● **WORK ORDER**: Exactly as written, return every line of the data below apart from the pictures.
++++++++++
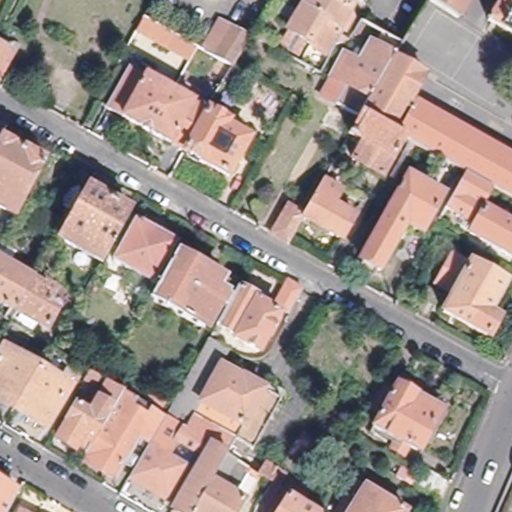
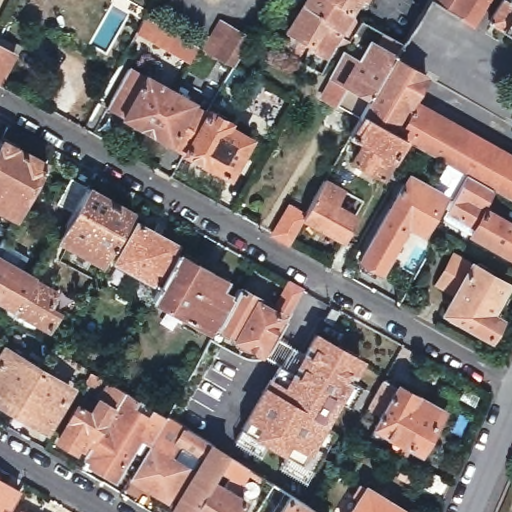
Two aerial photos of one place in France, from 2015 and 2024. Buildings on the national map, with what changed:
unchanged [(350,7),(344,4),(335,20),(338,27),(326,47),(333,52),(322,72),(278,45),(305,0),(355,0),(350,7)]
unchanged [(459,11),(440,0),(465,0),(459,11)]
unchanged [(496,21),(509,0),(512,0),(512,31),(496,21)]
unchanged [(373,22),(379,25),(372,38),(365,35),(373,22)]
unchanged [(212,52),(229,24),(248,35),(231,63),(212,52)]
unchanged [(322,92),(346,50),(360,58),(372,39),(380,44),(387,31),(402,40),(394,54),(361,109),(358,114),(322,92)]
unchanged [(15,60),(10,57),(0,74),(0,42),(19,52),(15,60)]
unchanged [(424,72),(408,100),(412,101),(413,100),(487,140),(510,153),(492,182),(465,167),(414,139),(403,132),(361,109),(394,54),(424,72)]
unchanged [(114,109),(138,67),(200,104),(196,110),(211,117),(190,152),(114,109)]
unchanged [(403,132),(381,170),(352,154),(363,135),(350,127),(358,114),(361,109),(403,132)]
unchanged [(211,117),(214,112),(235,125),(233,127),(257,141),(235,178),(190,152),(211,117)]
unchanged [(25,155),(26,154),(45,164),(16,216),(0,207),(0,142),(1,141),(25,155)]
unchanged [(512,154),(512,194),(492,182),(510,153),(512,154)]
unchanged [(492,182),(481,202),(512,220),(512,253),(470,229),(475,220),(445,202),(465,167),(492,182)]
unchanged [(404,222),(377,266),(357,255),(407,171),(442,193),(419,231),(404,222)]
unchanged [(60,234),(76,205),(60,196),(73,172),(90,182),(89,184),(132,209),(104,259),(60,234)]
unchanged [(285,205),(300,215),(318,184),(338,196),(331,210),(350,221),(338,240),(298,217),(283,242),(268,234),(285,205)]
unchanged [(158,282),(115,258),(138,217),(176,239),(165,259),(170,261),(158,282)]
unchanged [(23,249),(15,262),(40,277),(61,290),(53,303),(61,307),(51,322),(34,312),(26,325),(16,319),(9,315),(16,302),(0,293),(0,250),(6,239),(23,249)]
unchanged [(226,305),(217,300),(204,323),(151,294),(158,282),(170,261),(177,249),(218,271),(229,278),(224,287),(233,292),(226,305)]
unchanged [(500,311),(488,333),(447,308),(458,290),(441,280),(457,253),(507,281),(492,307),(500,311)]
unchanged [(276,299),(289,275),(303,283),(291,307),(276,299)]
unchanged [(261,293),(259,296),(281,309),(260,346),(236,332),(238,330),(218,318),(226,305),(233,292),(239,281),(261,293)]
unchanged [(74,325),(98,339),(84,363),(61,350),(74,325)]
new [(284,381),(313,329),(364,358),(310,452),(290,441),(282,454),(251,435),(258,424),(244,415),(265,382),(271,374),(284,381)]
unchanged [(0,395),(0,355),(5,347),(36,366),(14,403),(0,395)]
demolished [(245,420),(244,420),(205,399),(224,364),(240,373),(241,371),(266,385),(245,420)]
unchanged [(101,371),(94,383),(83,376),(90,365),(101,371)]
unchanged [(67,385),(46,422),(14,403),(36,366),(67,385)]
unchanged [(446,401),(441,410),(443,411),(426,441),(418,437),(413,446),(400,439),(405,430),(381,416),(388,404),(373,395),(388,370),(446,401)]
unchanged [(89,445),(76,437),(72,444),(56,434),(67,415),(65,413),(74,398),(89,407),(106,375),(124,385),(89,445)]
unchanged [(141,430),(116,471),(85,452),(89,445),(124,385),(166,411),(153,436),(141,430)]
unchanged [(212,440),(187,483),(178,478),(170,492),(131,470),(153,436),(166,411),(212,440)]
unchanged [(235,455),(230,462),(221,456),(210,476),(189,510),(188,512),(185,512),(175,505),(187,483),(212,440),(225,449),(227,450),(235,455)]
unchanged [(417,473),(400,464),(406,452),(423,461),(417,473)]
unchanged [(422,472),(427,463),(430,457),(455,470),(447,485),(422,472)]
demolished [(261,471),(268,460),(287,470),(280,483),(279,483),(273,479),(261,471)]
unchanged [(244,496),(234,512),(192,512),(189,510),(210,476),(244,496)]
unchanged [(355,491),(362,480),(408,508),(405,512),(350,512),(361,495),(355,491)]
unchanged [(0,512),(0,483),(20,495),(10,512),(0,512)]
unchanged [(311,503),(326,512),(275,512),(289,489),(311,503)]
++++++++++
● **ANSWER SPACE**:
Two aerial photos of one place in France, from 2015 and 2024. Buildings on the national map, with what changed:
unchanged [(350,7),(344,4),(335,20),(338,27),(326,47),(333,52),(322,72),(278,45),(305,0),(355,0),(350,7)]
unchanged [(459,11),(440,0),(465,0),(459,11)]
unchanged [(496,21),(509,0),(512,0),(512,31),(496,21)]
unchanged [(373,22),(379,25),(372,38),(365,35),(373,22)]
unchanged [(212,52),(229,24),(248,35),(231,63),(212,52)]
unchanged [(322,92),(346,50),(360,58),(372,39),(380,44),(387,31),(402,40),(394,54),(361,109),(358,114),(322,92)]
unchanged [(15,60),(10,57),(0,74),(0,42),(19,52),(15,60)]
unchanged [(424,72),(408,100),(412,101),(413,100),(487,140),(510,153),(492,182),(465,167),(414,139),(403,132),(361,109),(394,54),(424,72)]
unchanged [(114,109),(138,67),(200,104),(196,110),(211,117),(190,152),(114,109)]
unchanged [(403,132),(381,170),(352,154),(363,135),(350,127),(358,114),(361,109),(403,132)]
unchanged [(211,117),(214,112),(235,125),(233,127),(257,141),(235,178),(190,152),(211,117)]
unchanged [(25,155),(26,154),(45,164),(16,216),(0,207),(0,142),(1,141),(25,155)]
unchanged [(512,154),(512,194),(492,182),(510,153),(512,154)]
unchanged [(492,182),(481,202),(512,220),(512,253),(470,229),(475,220),(445,202),(465,167),(492,182)]
unchanged [(404,222),(377,266),(357,255),(407,171),(442,193),(419,231),(404,222)]
unchanged [(60,234),(76,205),(60,196),(73,172),(90,182),(89,184),(132,209),(104,259),(60,234)]
unchanged [(285,205),(300,215),(318,184),(338,196),(331,210),(350,221),(338,240),(298,217),(283,242),(268,234),(285,205)]
unchanged [(158,282),(115,258),(138,217),(176,239),(165,259),(170,261),(158,282)]
unchanged [(23,249),(15,262),(40,277),(61,290),(53,303),(61,307),(51,322),(34,312),(26,325),(16,319),(9,315),(16,302),(0,293),(0,250),(6,239),(23,249)]
unchanged [(226,305),(217,300),(204,323),(151,294),(158,282),(170,261),(177,249),(218,271),(229,278),(224,287),(233,292),(226,305)]
unchanged [(500,311),(488,333),(447,308),(458,290),(441,280),(457,253),(507,281),(492,307),(500,311)]
unchanged [(276,299),(289,275),(303,283),(291,307),(276,299)]
unchanged [(261,293),(259,296),(281,309),(260,346),(236,332),(238,330),(218,318),(226,305),(233,292),(239,281),(261,293)]
unchanged [(74,325),(98,339),(84,363),(61,350),(74,325)]
new [(284,381),(313,329),(364,358),(310,452),(290,441),(282,454),(251,435),(258,424),(244,415),(265,382),(271,374),(284,381)]
unchanged [(0,395),(0,355),(5,347),(36,366),(14,403),(0,395)]
demolished [(245,420),(244,420),(205,399),(224,364),(240,373),(241,371),(266,385),(245,420)]
unchanged [(101,371),(94,383),(83,376),(90,365),(101,371)]
unchanged [(67,385),(46,422),(14,403),(36,366),(67,385)]
unchanged [(446,401),(441,410),(443,411),(426,441),(418,437),(413,446),(400,439),(405,430),(381,416),(388,404),(373,395),(388,370),(446,401)]
unchanged [(89,445),(76,437),(72,444),(56,434),(67,415),(65,413),(74,398),(89,407),(106,375),(124,385),(89,445)]
unchanged [(141,430),(116,471),(85,452),(89,445),(124,385),(166,411),(153,436),(141,430)]
unchanged [(212,440),(187,483),(178,478),(170,492),(131,470),(153,436),(166,411),(212,440)]
unchanged [(235,455),(230,462),(221,456),(210,476),(189,510),(188,512),(185,512),(175,505),(187,483),(212,440),(225,449),(227,450),(235,455)]
unchanged [(417,473),(400,464),(406,452),(423,461),(417,473)]
unchanged [(422,472),(427,463),(430,457),(455,470),(447,485),(422,472)]
demolished [(261,471),(268,460),(287,470),(280,483),(279,483),(273,479),(261,471)]
unchanged [(244,496),(234,512),(192,512),(189,510),(210,476),(244,496)]
unchanged [(355,491),(362,480),(408,508),(405,512),(350,512),(361,495),(355,491)]
unchanged [(0,512),(0,483),(20,495),(10,512),(0,512)]
unchanged [(311,503),(326,512),(275,512),(289,489),(311,503)]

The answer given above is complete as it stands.